Until recently, seamlessly integrating with the EHR has been difficult as technological barriers, security measures, and HIPAA-related concerns for patient privacy have dictated that patient health information be kept solitary. However, since COVID-19 and the public health emergency, the explosion of alternative care delivery models, such as Telehealth, have precipitated new protocols that allow more interaction with platforms that expand a physician’s ability to see and treat patients.
Over the last couple of years, companies as diverse as Walmart, Apple, and Pfizer have all developed applications that use EHR integration to interact with providers and healthcare systems to communicate information about patients.

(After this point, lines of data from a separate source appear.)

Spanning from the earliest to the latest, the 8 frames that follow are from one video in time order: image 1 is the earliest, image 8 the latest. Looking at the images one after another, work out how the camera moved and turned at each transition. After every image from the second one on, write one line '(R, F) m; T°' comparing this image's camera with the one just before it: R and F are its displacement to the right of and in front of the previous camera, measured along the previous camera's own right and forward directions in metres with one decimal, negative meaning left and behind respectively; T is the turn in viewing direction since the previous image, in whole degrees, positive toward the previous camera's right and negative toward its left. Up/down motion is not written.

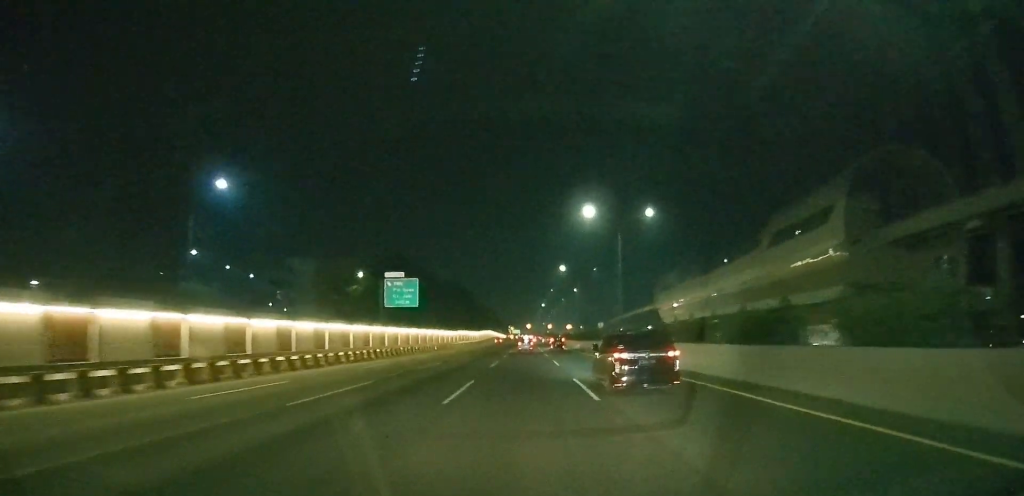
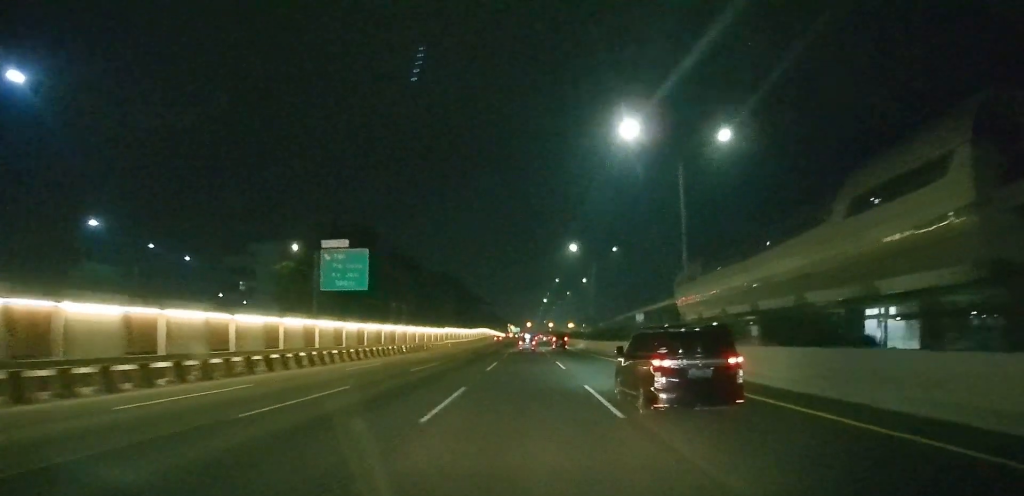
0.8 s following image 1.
(0.0, +23.7) m; 0°
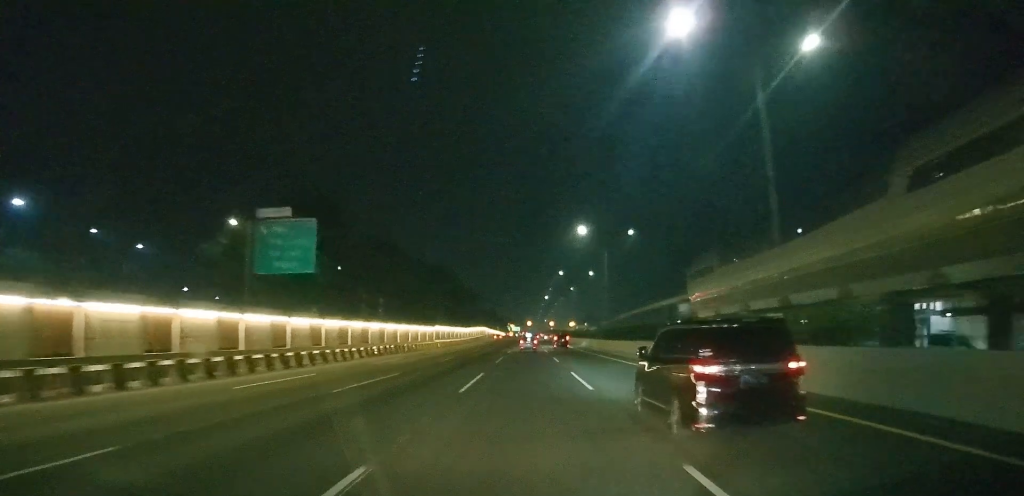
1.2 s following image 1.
(0.0, +13.1) m; 0°
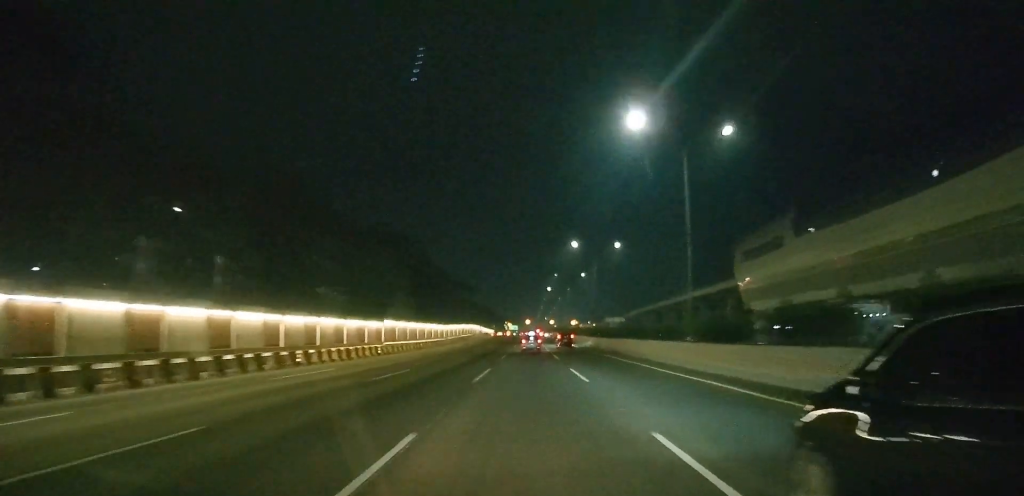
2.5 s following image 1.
(0.0, +37.8) m; 0°
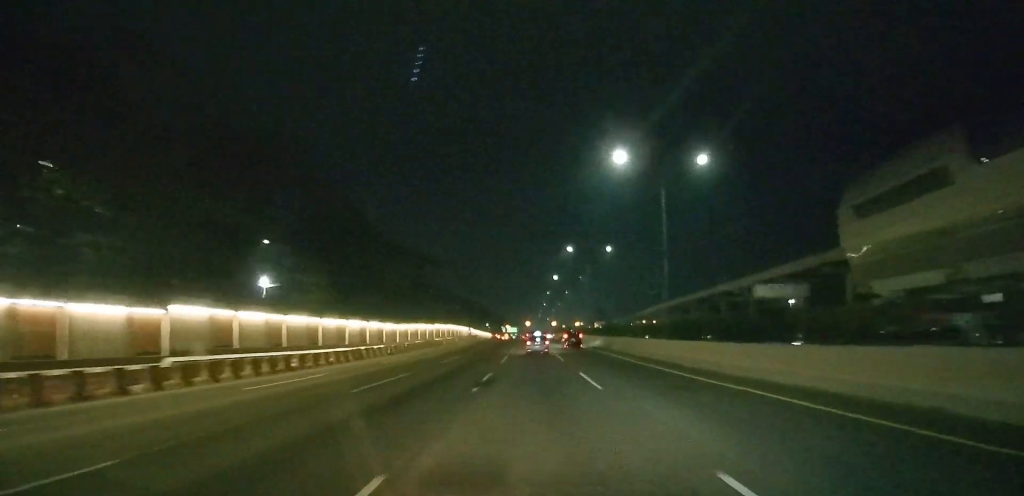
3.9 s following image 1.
(+0.1, +46.6) m; 0°
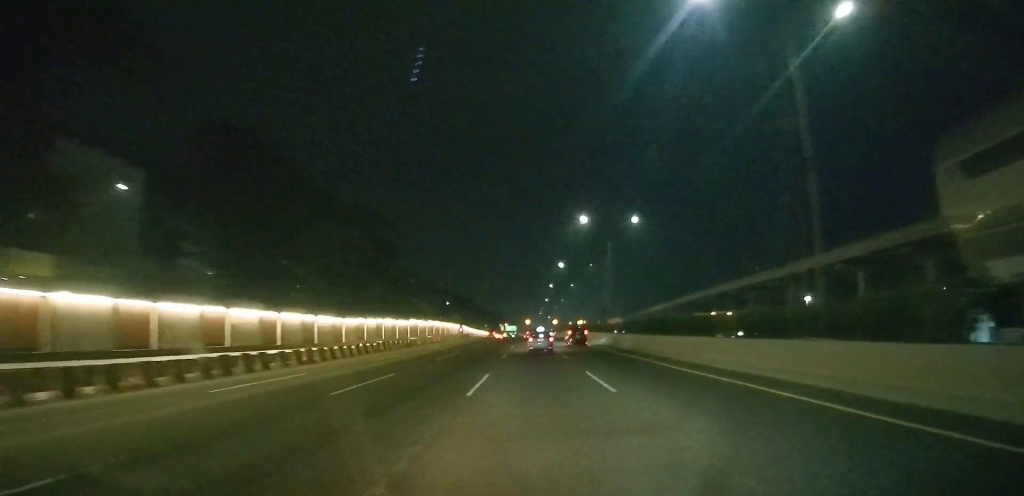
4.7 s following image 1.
(+0.1, +24.0) m; 0°
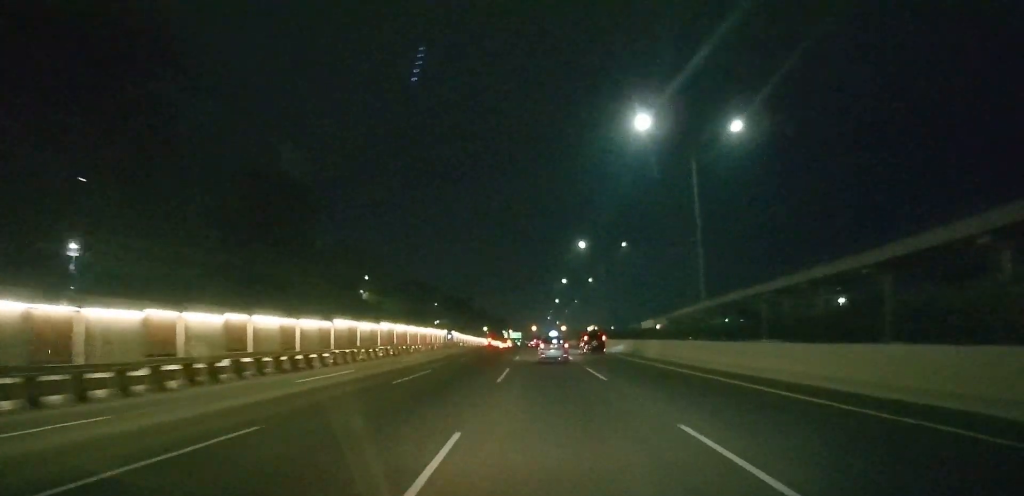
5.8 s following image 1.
(-0.1, +40.7) m; 0°
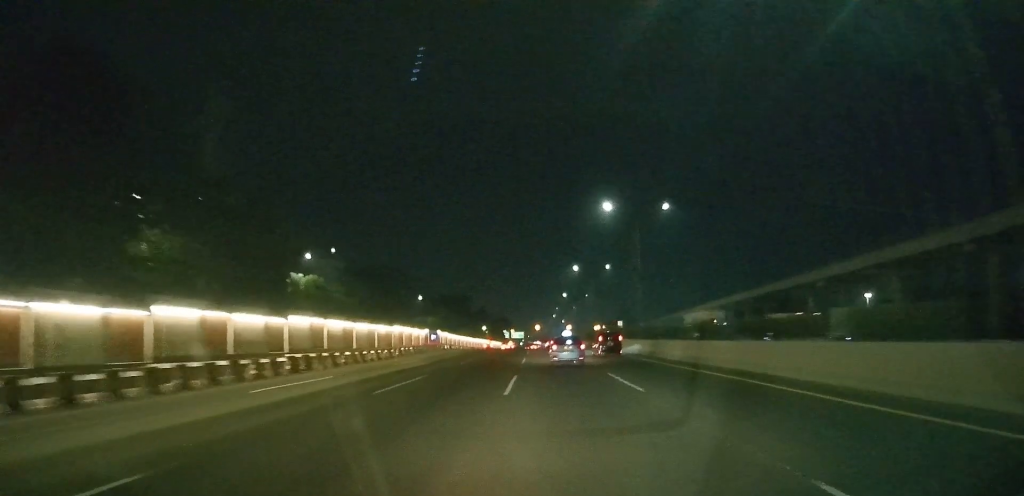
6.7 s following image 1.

In fact, Apple’s Healthkit transmits health and fitness data directly from mobile devices and wearables into the patient’s EHR and cardiologists have access to advanced heart health and real-time biometric data based on wearable technology.
FHIR and EHR Integration
With Fast Healthcare Interoperability Resources (FHIR), the new data standard developed by HL7 International, becoming more widely available, EHR integration is much more functional and achievable. With FHIR, Application Program Interface (API) protocols provide a connection between computer programs and platforms allowing access to data regardless of the individual EHR system or software being used.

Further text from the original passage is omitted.